Principle 5: The last nine is exponentially harder than the first. Going from 99% to 99.9% availability might require adding a load balancer and a second server—relatively cheap. Going from 99.9% to 99.99% requires multi-AZ deployment, automated failover, and 24/7 on-call—much more expensive. Reaching 99.999% demands multi-region active-active architecture, chaos engineering, and a full SRE team—exponentially more expensive. Example: Stripe targets 99.99% availability for their API because payment processing demands high reliability, but they explicitly don’t target 99.999% because the cost (multi-region writes with strong consistency) would be prohibitive and unnecessary for their use case. They’ve calculated that 4.38 minutes of monthly downtime is acceptable given their error budget and customer expectations.
Deep Dive
Types / Variants
Active-Active High Availability: Multiple instances actively serve traffic simultaneously, with load distributed across all of them. When one fails, the others absorb its traffic with minimal disruption. This provides the highest availability and best resource utilization since all capacity is always in use. However, it requires sophisticated load balancing, session management (sticky sessions or stateless design), and data synchronization if state is involved. Use this for stateless services like web servers, API gateways, or read-heavy databases. Example: Netflix runs active-active across multiple AWS regions—traffic is always served from multiple regions simultaneously, so a region failure only reduces capacity, not availability.

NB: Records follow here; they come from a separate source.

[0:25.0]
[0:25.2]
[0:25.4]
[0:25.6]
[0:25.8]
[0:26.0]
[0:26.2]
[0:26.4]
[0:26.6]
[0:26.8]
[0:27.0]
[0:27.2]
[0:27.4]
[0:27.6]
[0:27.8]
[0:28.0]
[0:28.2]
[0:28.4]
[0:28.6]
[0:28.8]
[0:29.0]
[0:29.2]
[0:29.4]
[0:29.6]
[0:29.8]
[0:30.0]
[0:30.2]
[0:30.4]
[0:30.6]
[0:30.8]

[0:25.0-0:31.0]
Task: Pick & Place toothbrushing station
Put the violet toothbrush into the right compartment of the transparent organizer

Active-Passive (Hot Standby): A primary instance serves all traffic while one or more standby instances remain ready to take over immediately upon failure. The standby is “hot” (fully provisioned and synchronized) but idle. This is simpler than active-active because there’s no split-brain risk or data synchronization complexity during normal operation. However, you’re paying for idle capacity, and failover takes 10-60 seconds while health checks detect the failure and promote the standby. Use this for stateful systems where split-brain would be catastrophic, like databases or leader-election systems. Example: PostgreSQL with streaming replication—the primary handles all writes while replicas stay synchronized but idle, ready to promote if the primary fails.

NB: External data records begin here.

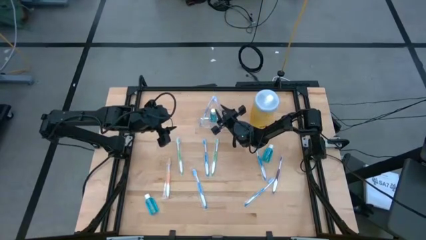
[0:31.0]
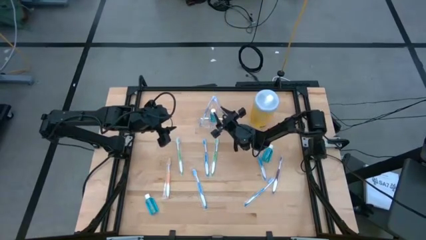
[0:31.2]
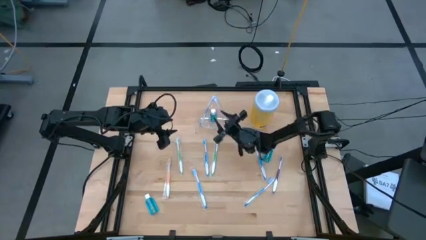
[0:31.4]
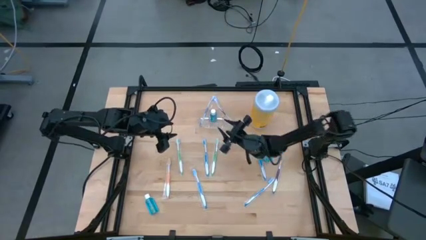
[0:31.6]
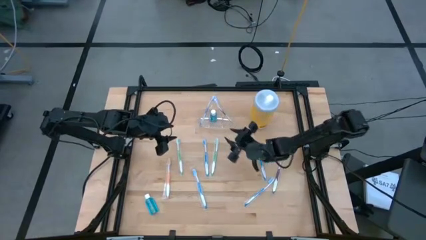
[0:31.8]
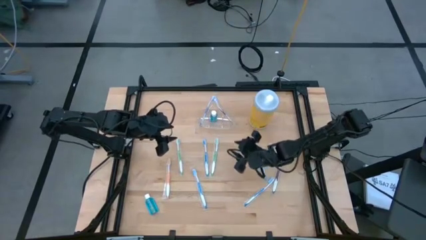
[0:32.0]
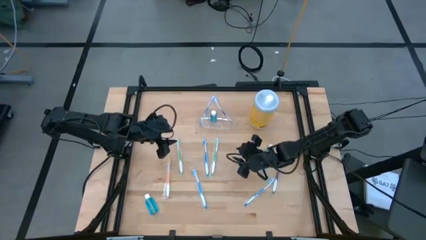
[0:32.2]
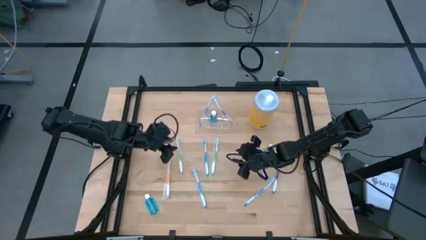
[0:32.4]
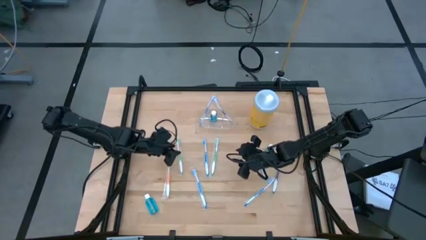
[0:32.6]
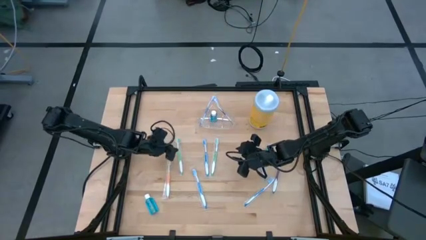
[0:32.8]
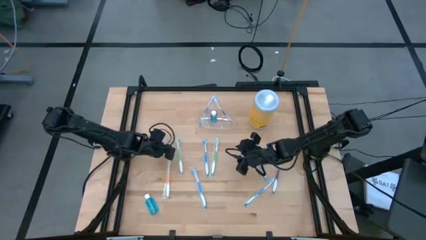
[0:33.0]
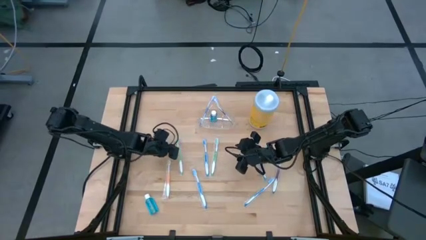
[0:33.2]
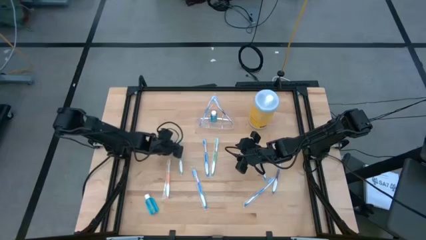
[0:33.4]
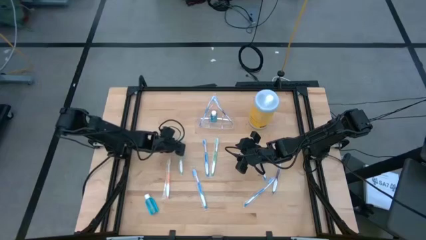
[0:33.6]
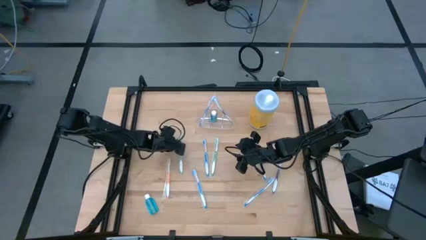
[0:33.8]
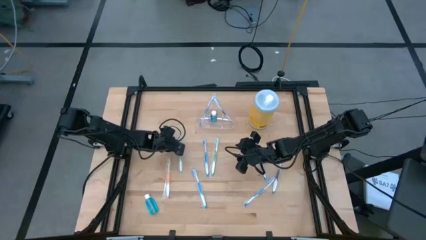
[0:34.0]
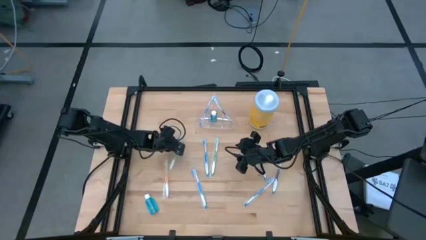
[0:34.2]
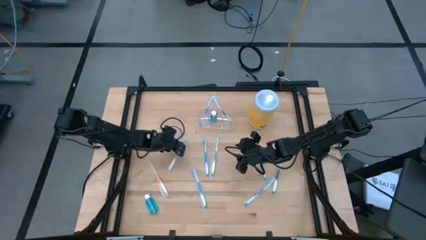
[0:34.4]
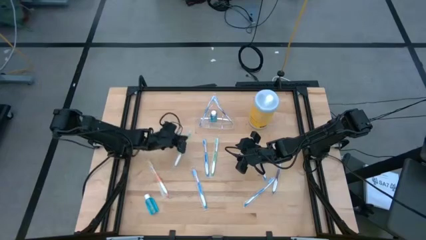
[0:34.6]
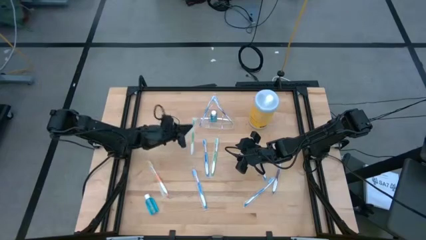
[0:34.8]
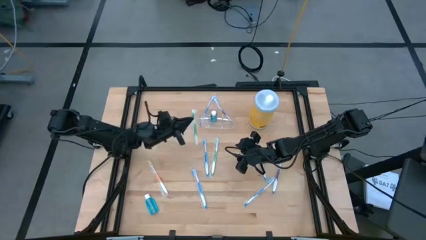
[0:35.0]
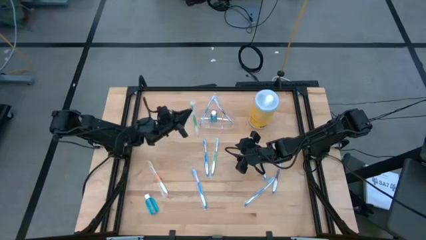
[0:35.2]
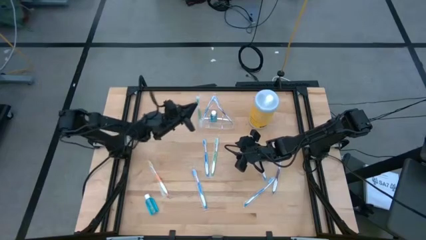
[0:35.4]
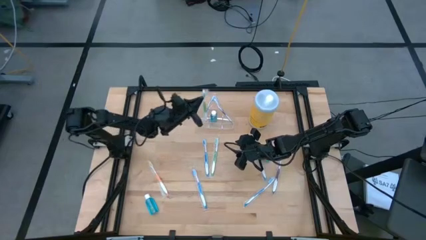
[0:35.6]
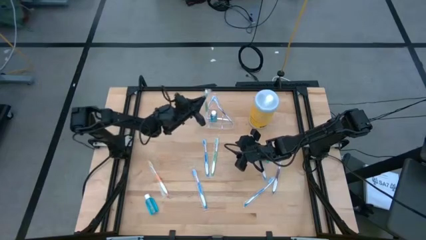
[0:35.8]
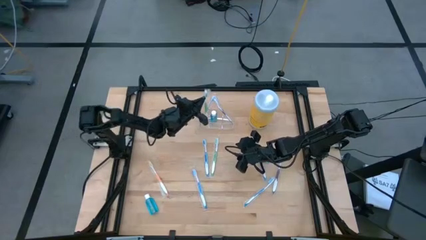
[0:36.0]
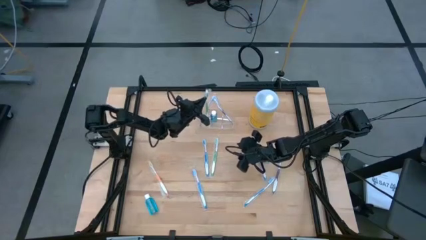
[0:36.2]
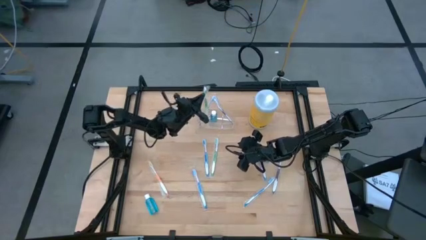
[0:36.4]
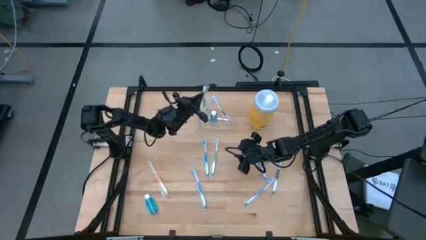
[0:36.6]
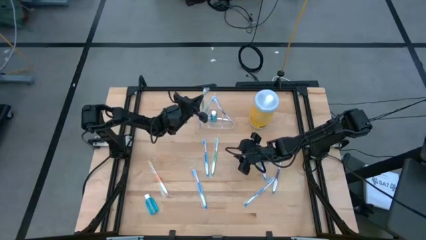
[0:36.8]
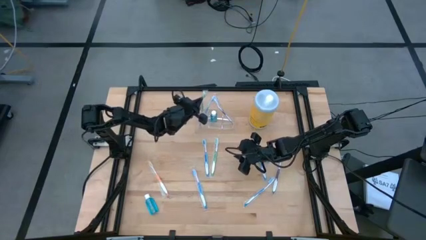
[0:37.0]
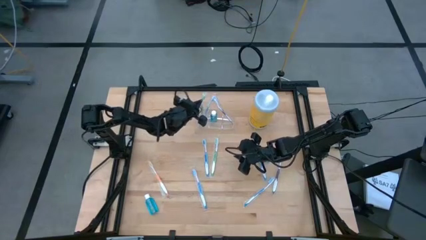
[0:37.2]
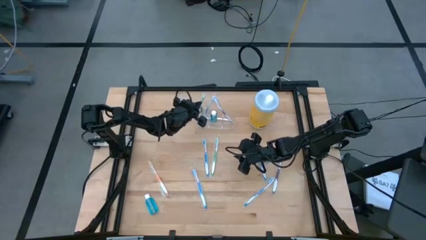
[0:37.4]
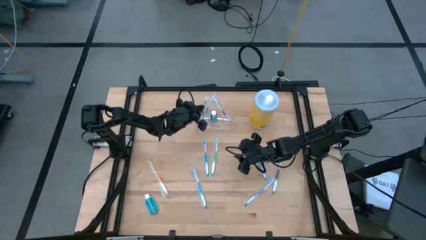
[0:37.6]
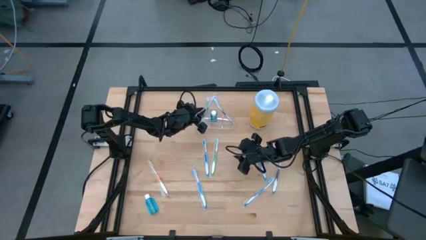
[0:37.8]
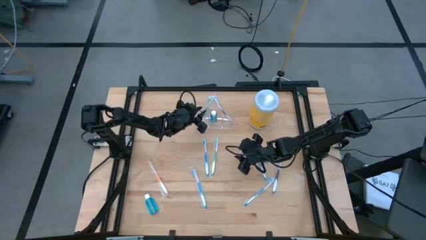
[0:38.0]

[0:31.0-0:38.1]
Put the green toothbrush into the left compartment of the transparent organizer

Active-Passive (Warm Standby): Similar to hot standby, but the passive instance is only partially provisioned—maybe it’s running but with smaller instance sizes, or it’s in a different region with higher latency. Upon failure, the standby must scale up before taking traffic, adding 5-15 minutes to recovery time. This reduces costs compared to hot standby while maintaining better availability than cold standby. Use this when you can tolerate brief degraded performance during failover, like internal tools or batch processing systems. Example: Many companies run their production database in us-east-1 with a warm standby in us-west-2 at half the capacity, accepting that a failover means temporarily slower queries until they scale up.
Active-Passive (Cold Standby): The standby exists only as configuration and data backups—it must be provisioned from scratch during a failure. Recovery takes 30 minutes to several hours, making this suitable only for disaster recovery, not high availability. However, it’s the cheapest option since you only pay for storage, not compute. Use this for systems where extended downtime is acceptable, like analytics pipelines or development environments. Example: Many startups keep daily database snapshots in S3 as cold standby—if their primary database is destroyed, they can restore from backup, but they accept hours of downtime and some data loss.

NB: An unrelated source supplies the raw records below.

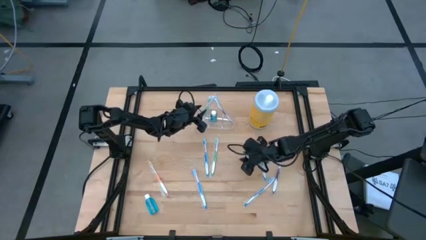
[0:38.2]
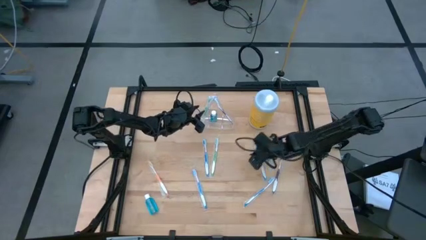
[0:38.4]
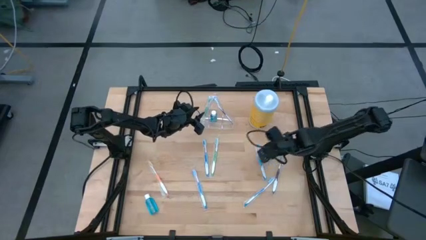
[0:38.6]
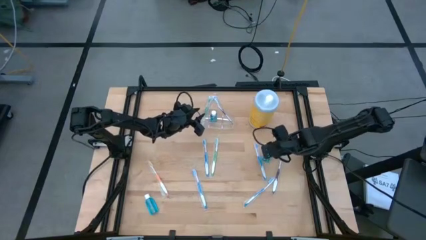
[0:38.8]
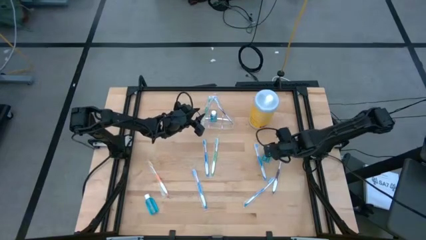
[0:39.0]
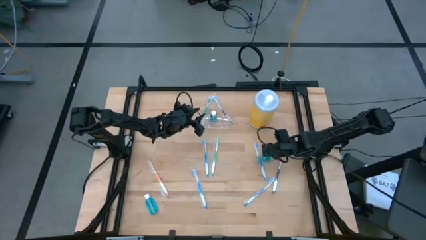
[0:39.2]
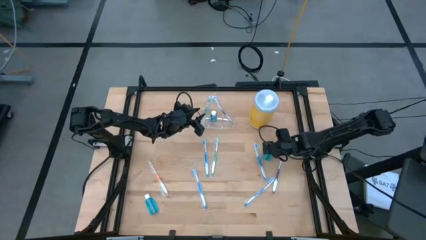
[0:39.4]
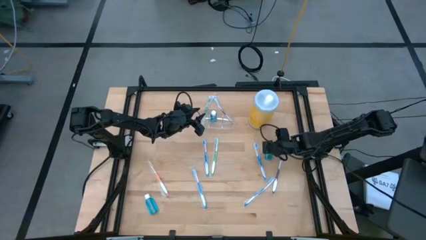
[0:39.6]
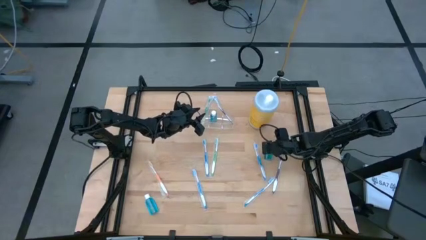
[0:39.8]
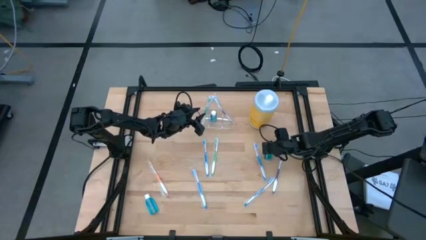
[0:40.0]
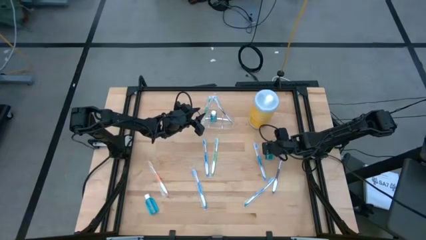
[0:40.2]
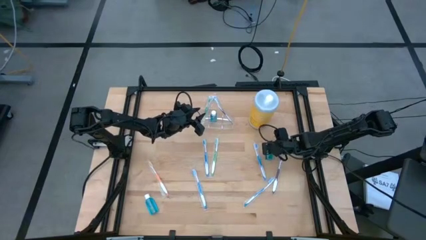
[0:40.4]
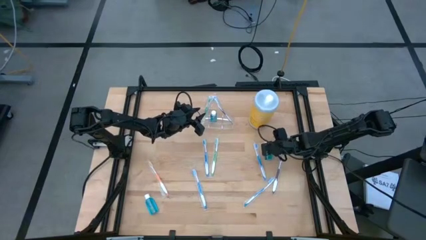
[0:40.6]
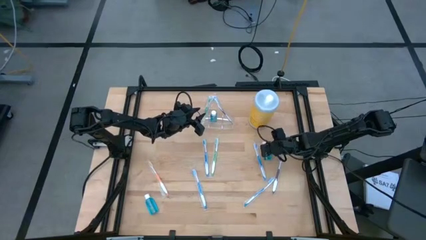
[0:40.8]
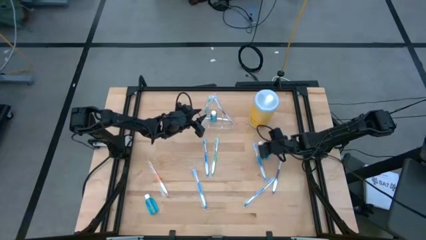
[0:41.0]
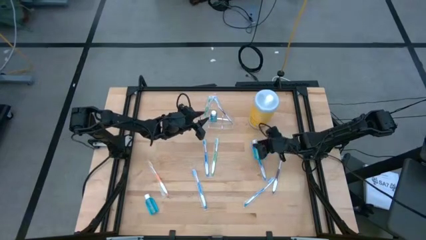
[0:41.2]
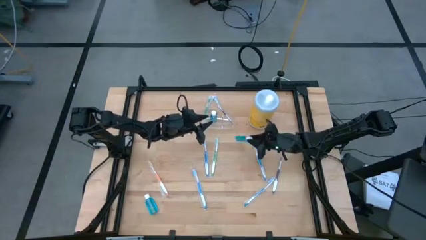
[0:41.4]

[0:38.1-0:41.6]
Put the blue mouthwash into the middle compartment of the transparent organizer

Multi-Region Active-Active: The ultimate availability pattern—traffic is served from multiple geographic regions simultaneously, with data replicated across all regions. A region failure is invisible to users because traffic automatically routes to healthy regions. This provides the highest availability (can survive entire region outages) and best performance (users connect to the nearest region). However, it’s extremely complex and expensive, requiring global load balancing, cross-region data replication with conflict resolution, and careful management of data consistency vs. availability tradeoffs. Use this only for mission-critical systems where even minutes of downtime are unacceptable. Example: Amazon.com runs active-active across multiple regions—when us-east-1 went down, most users never noticed because their traffic was already being served from other regions.
Active-Active vs Active-Passive Deployment Patterns
graph TB
subgraph Active-Active Multi-Region
AA_User["Users"] --> AA_DNS["Global DNS<br/><i>Route53 Latency-Based</i>"]
subgraph US Region
AA_DNS --"50% traffic"--> AA_LB1["Load Balancer"]
AA_LB1 --> AA_App1["App Servers<br/><i>Serving traffic</i>"]
AA_App1 --> AA_DB1[("Database<br/><i>Multi-master replication</i>")]
end
subgraph EU Region
AA_DNS --"50% traffic"--> AA_LB2["Load Balancer"]
AA_LB2 --> AA_App2["App Servers<br/><i>Serving traffic</i>"]
AA_App2 --> AA_DB2[("Database<br/><i>Multi-master replication</i>")]
end
AA_DB1 <-."Bidirectional sync<br/>Conflict resolution".-> AA_DB2
AA_Benefit["✓ Highest availability<br/>✓ Best resource utilization<br/>✓ Low latency globally<br/>✗ Complex data sync<br/>✗ Expensive"]
end
subgraph Active-Passive Hot Standby
AP_User["Users"] --> AP_DNS["DNS<br/><i>Failover on health check</i>"]
subgraph Primary Region
AP_DNS --"100% traffic"--> AP_LB1["Load Balancer"]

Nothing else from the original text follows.